# river monsters



## jay_leask (Apr 22, 2010)

watching a couple of episodes online thought i would share in case no one has seen it before.
http://animal.discovery.com/videos/river-monsters-amazon-flesh-eaters-full-episode.html


----------



## Johnnyfishtanks (Apr 21, 2010)

this guy rules watched them all


----------



## eternity302 (Apr 22, 2010)

OH WOW!!!
Thanks for sharing, will definitely look into it on my day off!


----------



## Fishkeeper (Apr 21, 2010)

I am raising guppies.

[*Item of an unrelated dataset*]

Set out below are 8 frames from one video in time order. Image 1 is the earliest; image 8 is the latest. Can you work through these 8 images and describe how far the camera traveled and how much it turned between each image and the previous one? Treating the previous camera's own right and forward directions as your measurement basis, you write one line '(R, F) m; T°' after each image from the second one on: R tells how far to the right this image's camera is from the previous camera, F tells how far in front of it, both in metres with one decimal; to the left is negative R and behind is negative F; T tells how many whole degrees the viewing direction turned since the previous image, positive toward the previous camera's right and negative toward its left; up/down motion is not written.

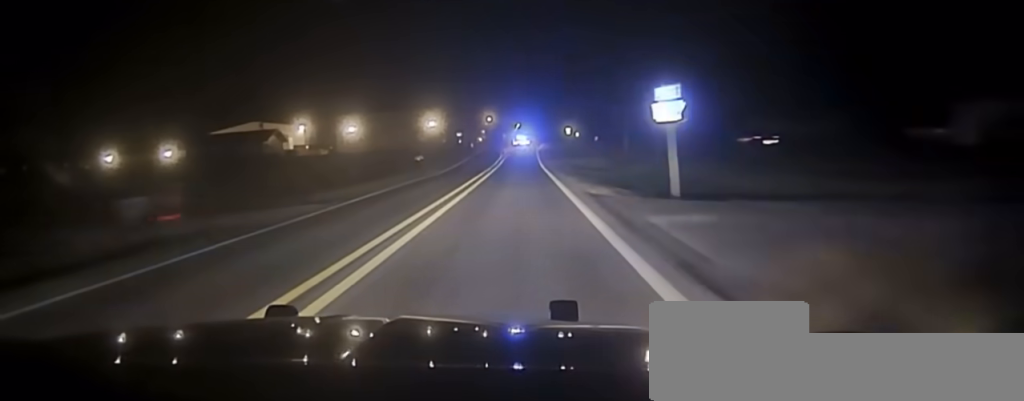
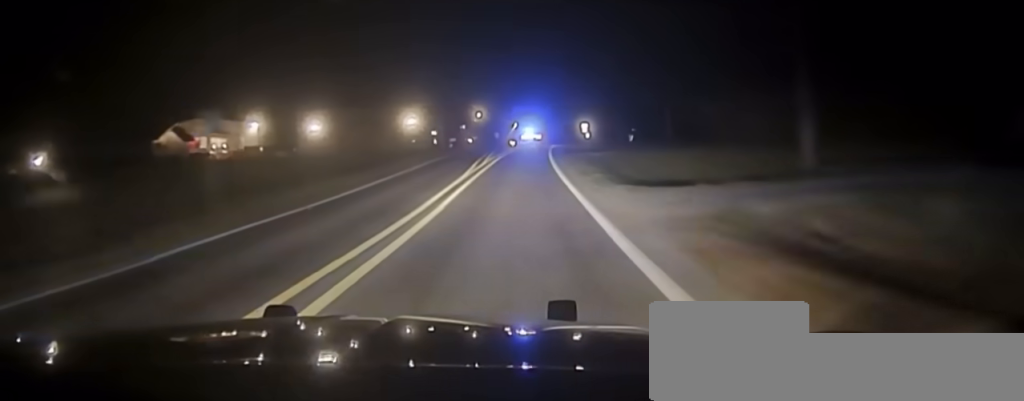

I like guppies. No cat fish for me. Crazy show. OMG Won't go swimming there.


----------



## jay_leask (Apr 22, 2010)

the gator gar episode was aweome too. new season started today.


----------



## jay_leask (Apr 22, 2010)

or awesome


----------



## JUICE (Jan 4, 2020)

ya most have seen it , but thAnks for posting [email protected]!


----------



## Johnnyfishtanks (Apr 21, 2010)

the amazon abyss is cool too


----------



## Edarion (Apr 21, 2010)

that is absolutly amazing!


----------



## fraggalrock (Apr 21, 2010)

Thanks so much! awesome shows didnt know about it! one more thing to program to the PVR


----------



## snow (Apr 21, 2010)

I love this show.


----------



## Tracers (Apr 21, 2010)

There's this one too, Zeb Hogan is discovering & documenting the world's giant fish while trying to conserve their natural habitat. Very interesting stuff.

http://megafishes.org/photos/

REALLY HOT TOO!!!
I'd like to catch me one of those.....


----------